Similar to the Connecticut development, Ratner’s plan relies on the state’s condemnation of 11 acres of private residential and commercial property. BUILD has been negotiating with Ratner over hiring agreements.

Both Mayor Michael Bloomberg and Gov. George Pataki support the Ratner plan and the city and state have filed briefs in support of New London’s position affirming the right of eminent domain.

“The Fifth Amendment … does not disable state and local government from taking property for economic development purposes when just compensation is paid,” the text of the BUILD brief asserts, also arguing that “promoting economic activity for the benefit of its inhabitants is a legitimate object — and a fundamental responsibility — of state and local government.”

The precedent set by the high court in Kelo v. City of New London, for which oral arguments will be heard this Tuesday, Feb. 22, could impact Ratner’s Atlantic Yards plan, according to legal experts.

In early December, Develop-Don’t Destroy Brooklyn, an activist group formed to protest Ratner’s plan to build a 19,000-seat arena for the New Jersey Nets at Atlantic and Flatbush avenues as well as 17 office and residential high-rises, announced their filing of an amicus brief in support of the petitioners in the high-profile New London case.

Joining 99 other organizations and individuals filing briefs in Kelo vs. New London, the group stands with the likes of the American Association for Retired People (AARP), National Association for the Advancement of Colored People (NAACP), and urban planning expert Jane Jacobs, who famously took on New York’s master planner, Robert Moses, in the 1960s in support of maintaining neighborhoods over high-rise projects.

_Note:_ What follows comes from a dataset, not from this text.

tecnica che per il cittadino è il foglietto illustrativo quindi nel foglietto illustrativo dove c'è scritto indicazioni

“Because the plaintiffs in this case had a very broad range of briefs supporting them that brought a lot of context before the court, it was important that the court see the broad range who feel differently,” said Richard T. Goldberg, the Manhattan attorney who prepared the argument for BUILD and their co-signers, the Rev. Herbert Daughtry, of Boerum Hill, and the New York City and Vicinity Carpenters Labor-Management Cooperation Trust Fund.

Both Daughtry and BUILD are currently in negotiations for labor and benefits concessions from the Atlantic Yards project.

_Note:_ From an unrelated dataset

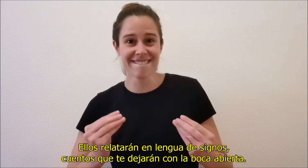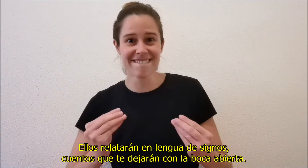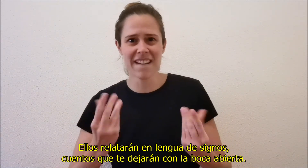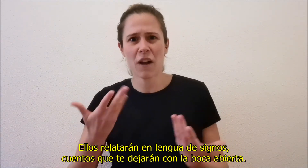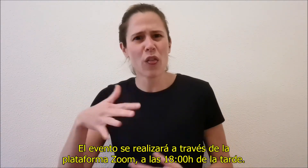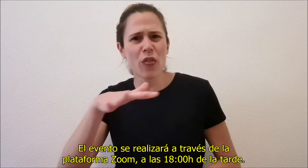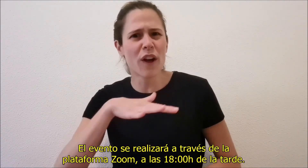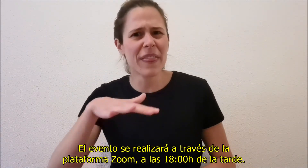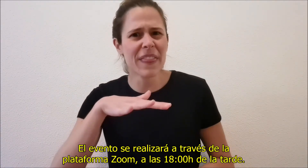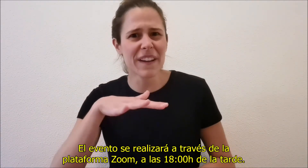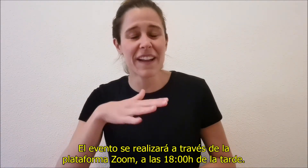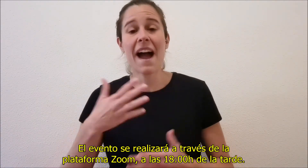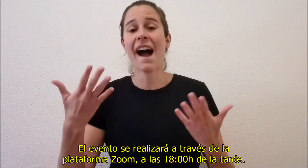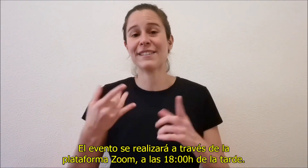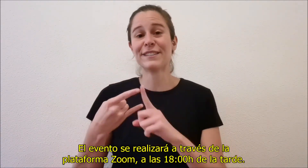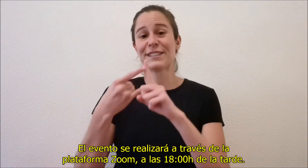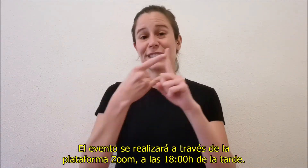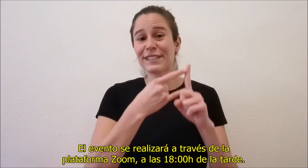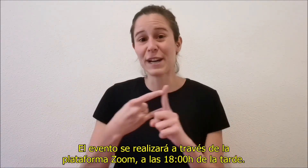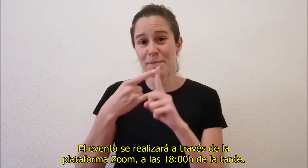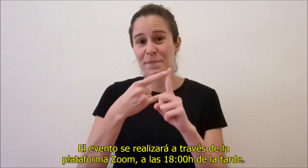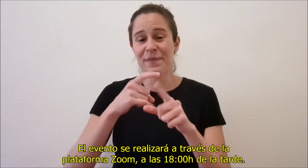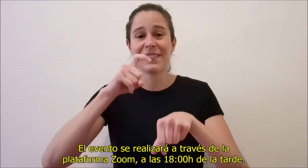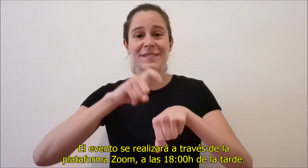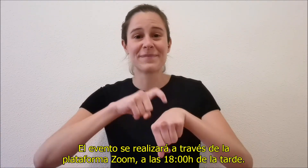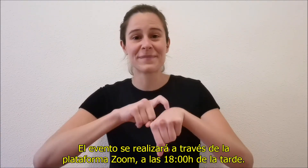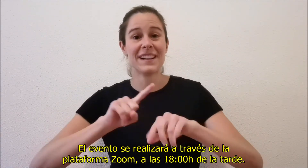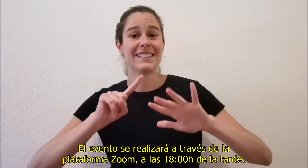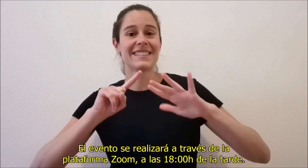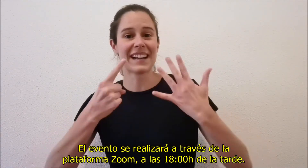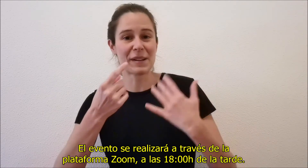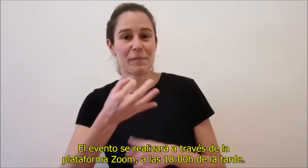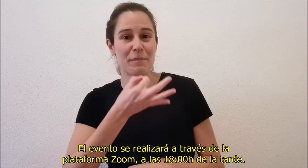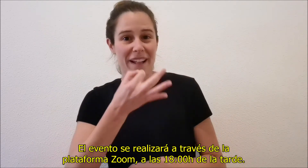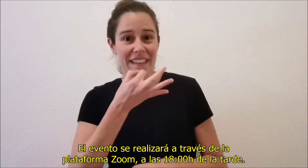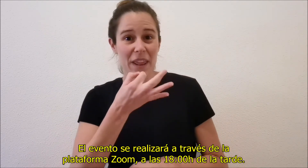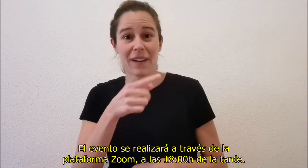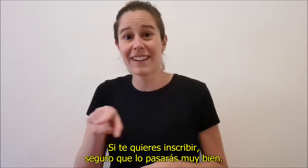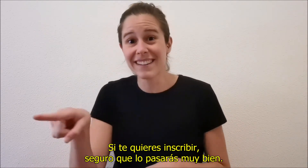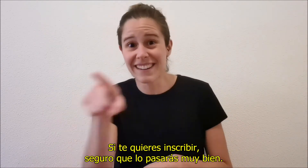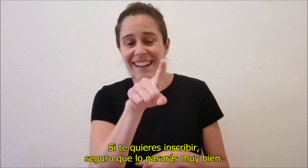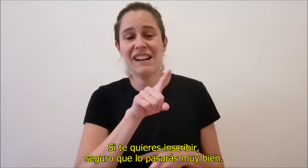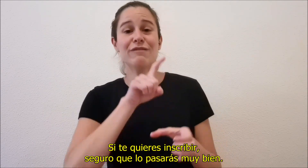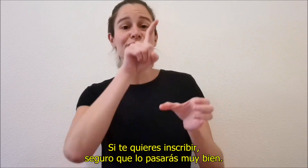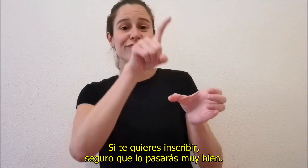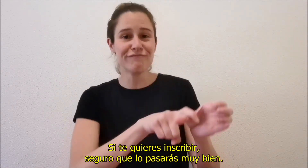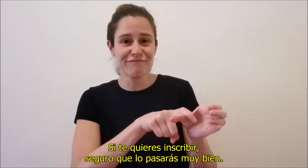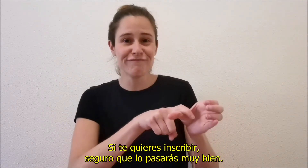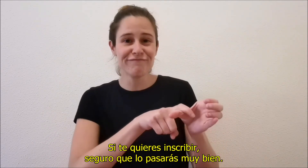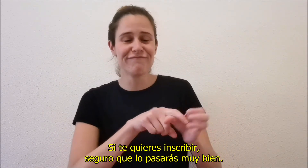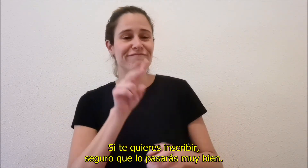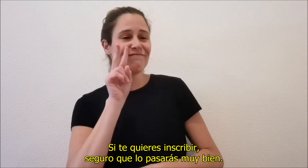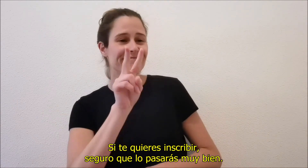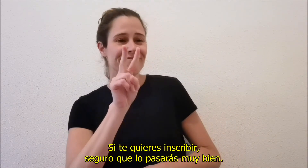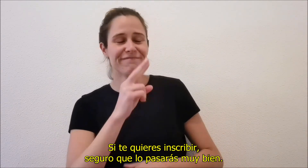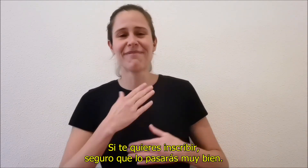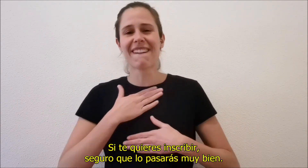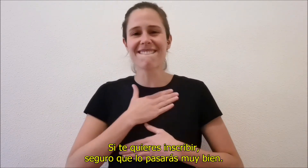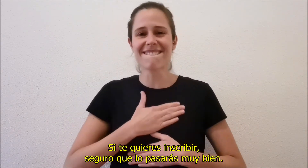El evento se realizará a través de la plataforma Zoom a las 6 de la tarde. Si te quieres inscribir, seguro

“It’s often thought it helps to get the broader context especially if one side has done a lot of marshaling of amicus briefs on their side,” Goldberg said.

Attorney Norman Siegel, the former president of the New York Civil Liberties Union, who represents Develop-Don’t Destroy Brooklyn in their battle against Ratner, said the briefs were a testament to the New London case’s “fundamental constitutional importance.”

“I’m not surprised that there’s that many Friends Of the Court briefs,” he said. “Eminent domain has run amok in this country.”

Siegel added that briefs sometimes bring to light issues not raised during oral arguments. “It could be outcome-determinate for a swing judge, or the court itself,” he said.

Marie Louis, a vice president of the volunteer-driven BUILD, said her group spearheaded the brief because it represented part of their mission in job-development advocacy.

“We all collaborated on it,” Louis said. “In our opening we talk about how economic development is what we’re about — we see that as a very important public use, and it answers public challenges like excessive unemployment rates and excessive poverty rates.”

Goldberg said he doesn’t believe the [Supreme Court] judges should be deciding local laws.

“These are hard issues — political and social and economic issues — but they’re not hard constitutional issues,” he said. “As a matter of law these are really not matters for judges to decide. A lot of the legal argument is geared towards making that point.”

Siegel, naturally, believes otherwise.

“Interpreting the Fifth Amendment of the Constitution of the United States is a critical function of the judicial powers in our system and interpreting what the Fifth Amendment means is quintessential to judicial authority,” he said.

Arguing that even a private development could fall under the definition of “public use,” the City of New London’s attorney in the case, Daniel Kirsch, said at a forum in December, that Connecticut was doing “regulatory takings” in the Kelo case.

“As long as what you’re doing is relatively related in some way for public use then it counts,” Kirsch said.